Information supplied:
===

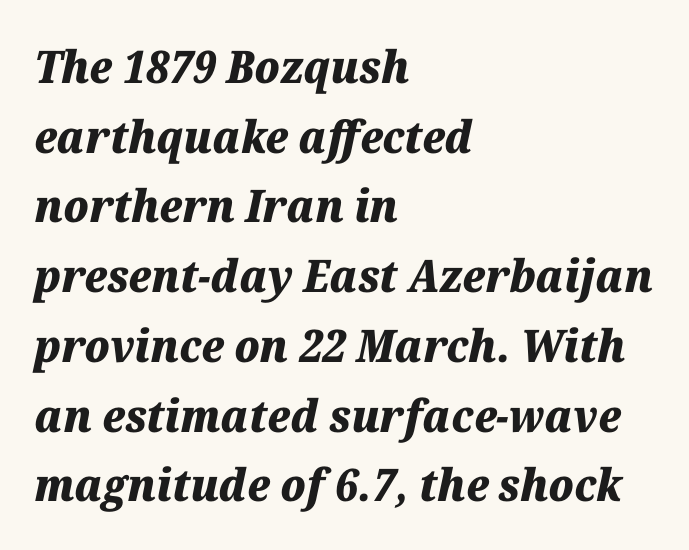
Q: Is the text bold? A: Yes.
Q: Is the text italic (slanted)? A: Yes, it leans right by about 12 degrees.
Q: Is the text underlined? A: No.
Q: How is the paragraph aligned? A: Left-aligned.
Q: Is the spacing between letters normal or unusually wide? A: Normal.
Q: Is the spacing between lines tight, normal or loose? A: Normal.
Q: Width (condensed, normal, or wide)? A: Normal.
Q: Stroke contrast? A: Medium.
Q: x-height? A: Medium.
Q: Monospaced? A: No.
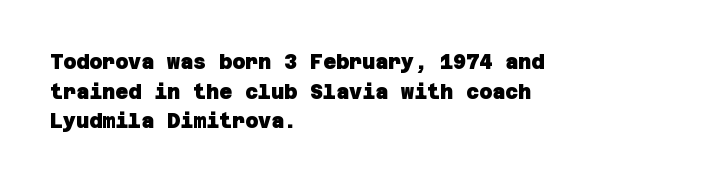
The lines are quadded left. The space beneath each line is pristine and unruled. The passage shown is emphatically bold. Successive baselines arrive at the customary interval. This sample uses plain, unmodified letter spacing.
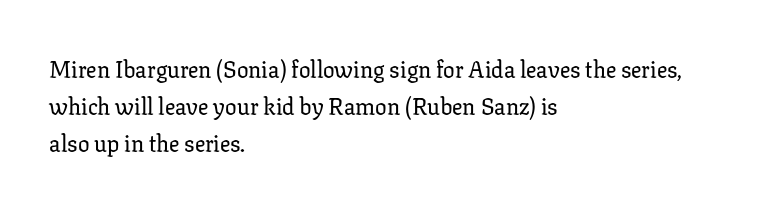
The image shows 23 px text type, upright; set left-aligned, normal line spacing (1.6x), normal letter spacing, not underlined.
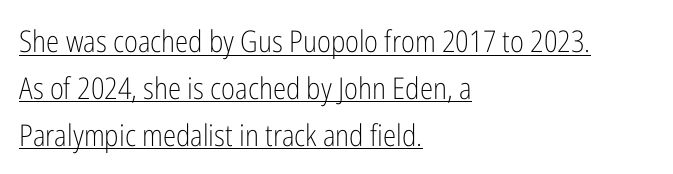
Q: Is the text bold? A: No.
Q: Is the text italic (slanted)? A: No, it is upright.
Q: Is the typeface a serif or a sans-serif typeface? A: Sans-serif.
Q: Is the text underlined? A: Yes.
Q: How is the paragraph aligned? A: Left-aligned.
Q: Is the spacing between letters normal or unusually wide? A: Normal.
Q: Is the spacing between lines tight, normal or loose? A: Normal.
Q: Width (condensed, normal, or wide)? A: Condensed.
Q: Stroke contrast? A: Low.
Q: x-height? A: Medium.
Q: Monospaced? A: No.
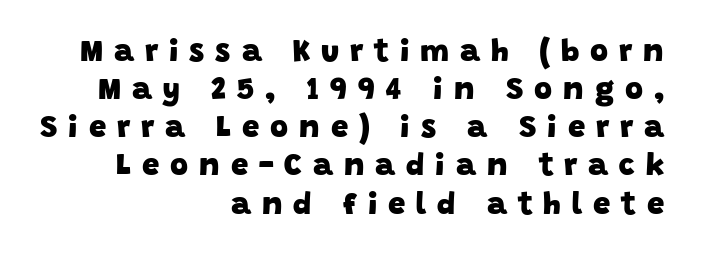
Casual observation: everything's shoved over to the right. The rendering shows plain stroke endings on the letterforms — a sans-serif design. Nobody drew a line under any word here. Heft: maximum for text — a bold. This sample uses expanded letter spacing, leaving extra air between glyphs.
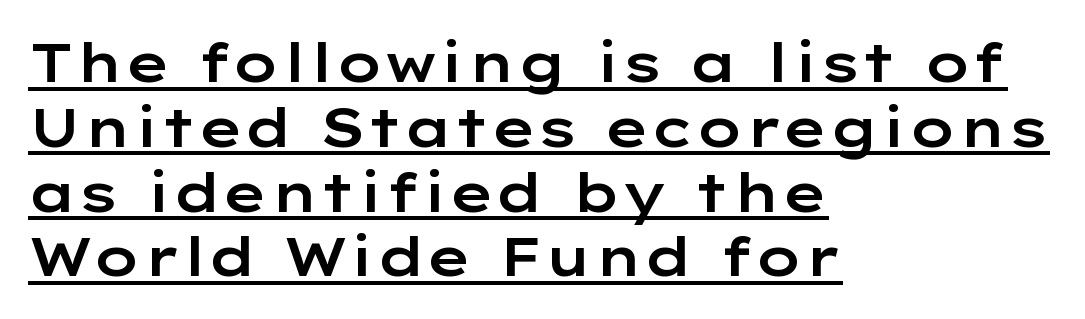
The rag falls on the right side of this text block. Every character sits straight up, as roman type does. The type is set solid horizontally, with unmodified tracking. Is there an underline? Yes — a line sits under the letters. This is sans-serif lettering, the kind often seen on screens and signage.
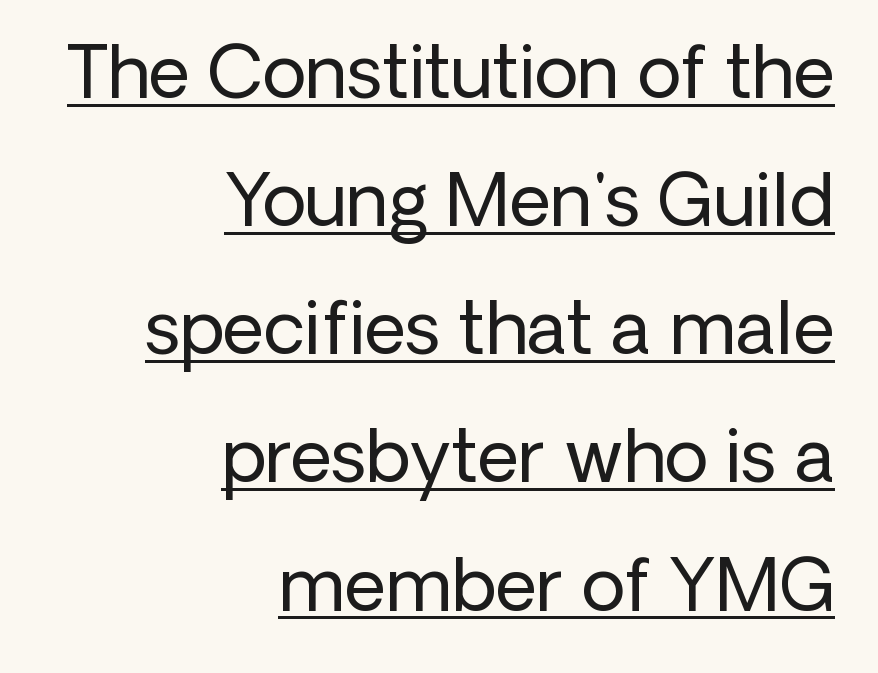
{"serif": "no", "italic": "no", "bold": "no", "weight": "regular", "width": "normal", "stroke_contrast": "low", "x_height": "medium", "monospaced": "no", "underline": "yes", "align": "right", "line_spacing_ratio": 1.78, "letter_spacing": "normal", "letter_spacing_em": 0.0, "glyph_px": 72}
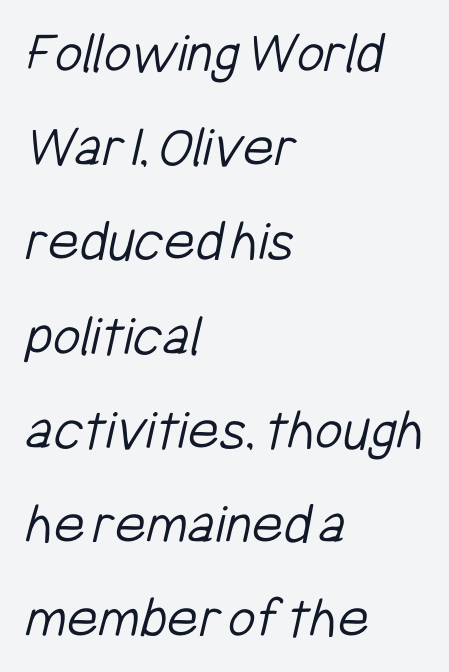
{"serif": "no", "bold": "no", "weight": "light", "width": "condensed", "stroke_contrast": "low", "x_height": "medium", "monospaced": "no", "underline": "no", "align": "left", "line_spacing": "normal", "line_spacing_ratio": 1.57, "letter_spacing": "normal", "letter_spacing_em": 0.0, "glyph_px": 60}
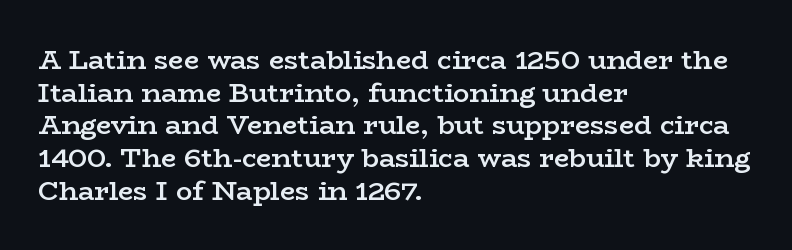
Q: Is the text bold? A: Semi-bold.
Q: Is the text italic (slanted)? A: No, it is upright.
Q: Is the text underlined? A: No.
Q: How is the paragraph aligned? A: Left-aligned.
Q: Is the spacing between letters normal or unusually wide? A: Normal.
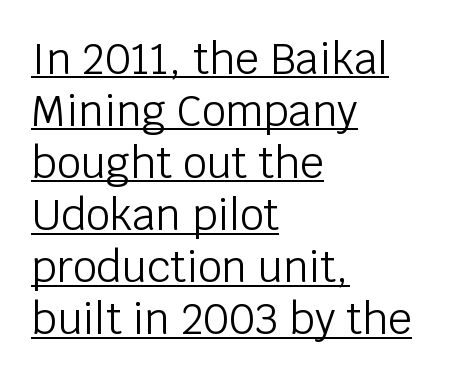
The image shows 42 px light sans-serif type, upright; set left-aligned, line spacing 1.24x, normal letter spacing, underlined; low stroke contrast and a large x-height.
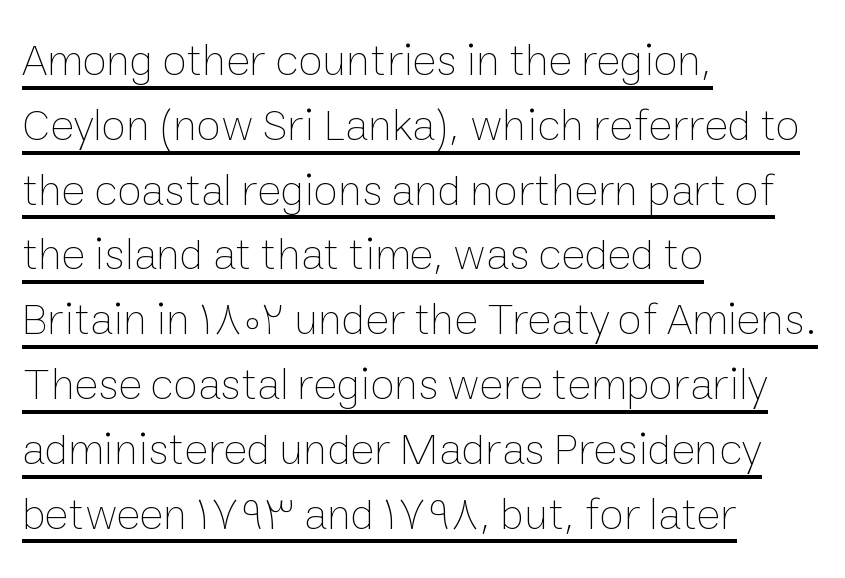
The image shows 45 px thin type, upright; set left-aligned, normal line spacing (1.44x), normal letter spacing, underlined; low stroke contrast and a medium x-height.
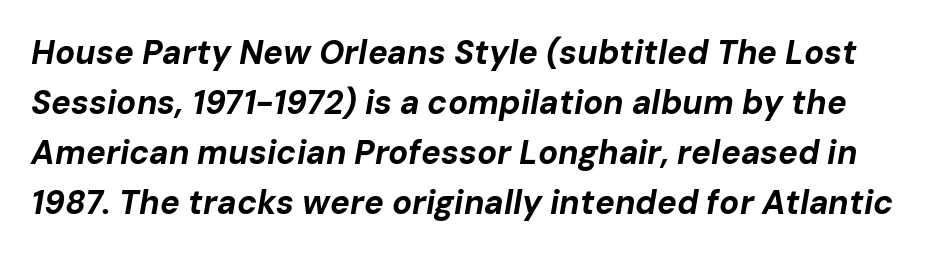
Q: Is the text bold? A: Yes.
Q: Is the text italic (slanted)? A: Yes, it leans right by about 10 degrees.
Q: Is the text underlined? A: No.
Q: Is the spacing between letters normal or unusually wide? A: Normal.
Q: Is the spacing between lines tight, normal or loose? A: Normal.
Q: Width (condensed, normal, or wide)? A: Normal.
Q: Stroke contrast? A: Low.
Q: x-height? A: Medium.
Q: Monospaced? A: No.
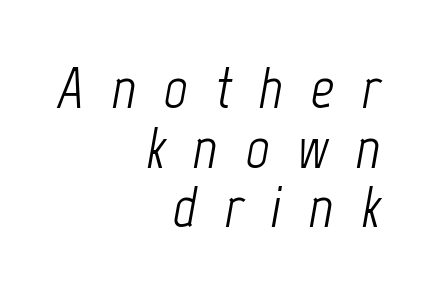
{"italic": "yes", "lean": "right", "slant_degrees": 12, "bold": "no", "weight": "light", "width": "condensed", "stroke_contrast": "low", "x_height": "medium", "monospaced": "no", "underline": "no", "align": "right", "line_spacing": "tight", "line_spacing_ratio": 1.03, "letter_spacing": "wide", "letter_spacing_em": 0.47, "glyph_px": 58}
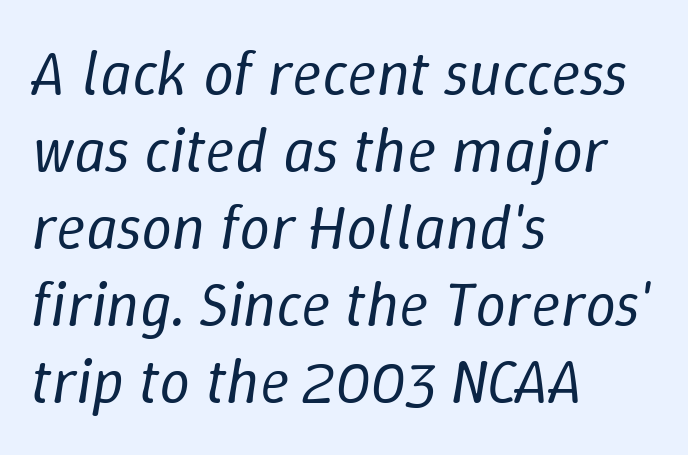
These lines were composed using italics. Between one letter and the next there's only the usual sliver of space. Letters rest on an invisible, unmarked baseline. No extra ink here — the face is not bold. Here the designer chose a conventional face with non-uniform glyph widths.
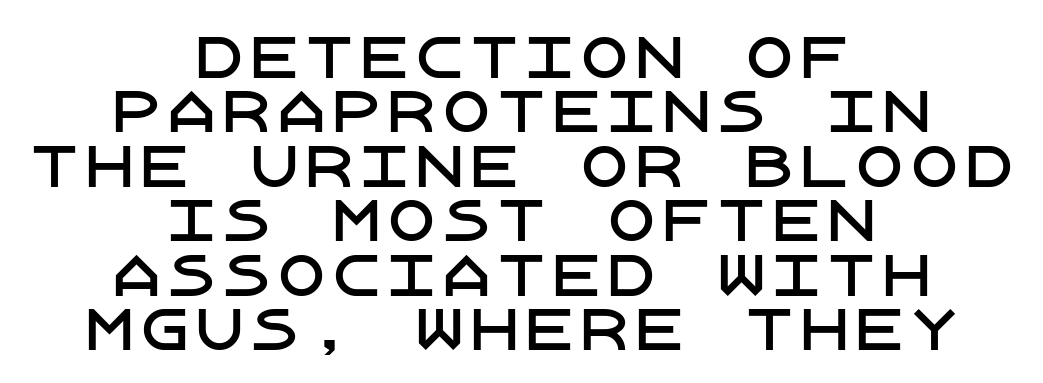
Q: Is the text italic (slanted)? A: No, it is upright.
Q: Is the typeface a serif or a sans-serif typeface? A: Sans-serif.
Q: Is the text underlined? A: No.
Q: How is the paragraph aligned? A: Centered.
Q: Is the spacing between letters normal or unusually wide? A: Normal.
Q: Is the spacing between lines tight, normal or loose? A: Tight.
Q: Width (condensed, normal, or wide)? A: Normal.
Q: Stroke contrast? A: Low.
Q: x-height? A: Large.

===

Exercise requirements:
Only the lines from the one that contains "The image shows 42" to the end of the records, inclusive, are to be quoted exactly, with pictures excluded.

Exercise answer:
The image shows 42 px light sans-serif type, upright; set left-aligned, line spacing 1.24x, normal letter spacing, underlined; low stroke contrast and a large x-height.
The image shows 45 px thin type, upright; set left-aligned, normal line spacing (1.44x), normal letter spacing, underlined; low stroke contrast and a medium x-height.
Q: Is the text bold? A: Yes.
Q: Is the text italic (slanted)? A: Yes, it leans right by about 10 degrees.
Q: Is the text underlined? A: No.
Q: Is the spacing between letters normal or unusually wide? A: Normal.
Q: Is the spacing between lines tight, normal or loose? A: Normal.
Q: Width (condensed, normal, or wide)? A: Normal.
Q: Stroke contrast? A: Low.
Q: x-height? A: Medium.
Q: Monospaced? A: No.
{"italic": "yes", "lean": "right", "slant_degrees": 12, "bold": "no", "weight": "light", "width": "condensed", "stroke_contrast": "low", "x_height": "medium", "monospaced": "no", "underline": "no", "align": "right", "line_spacing": "tight", "line_spacing_ratio": 1.03, "letter_spacing": "wide", "letter_spacing_em": 0.47, "glyph_px": 58}
These lines were composed using italics. Between one letter and the next there's only the usual sliver of space. Letters rest on an invisible, unmarked baseline. No extra ink here — the face is not bold. Here the designer chose a conventional face with non-uniform glyph widths.
Q: Is the text italic (slanted)? A: No, it is upright.
Q: Is the typeface a serif or a sans-serif typeface? A: Sans-serif.
Q: Is the text underlined? A: No.
Q: How is the paragraph aligned? A: Centered.
Q: Is the spacing between letters normal or unusually wide? A: Normal.
Q: Is the spacing between lines tight, normal or loose? A: Tight.
Q: Width (condensed, normal, or wide)? A: Normal.
Q: Stroke contrast? A: Low.
Q: x-height? A: Large.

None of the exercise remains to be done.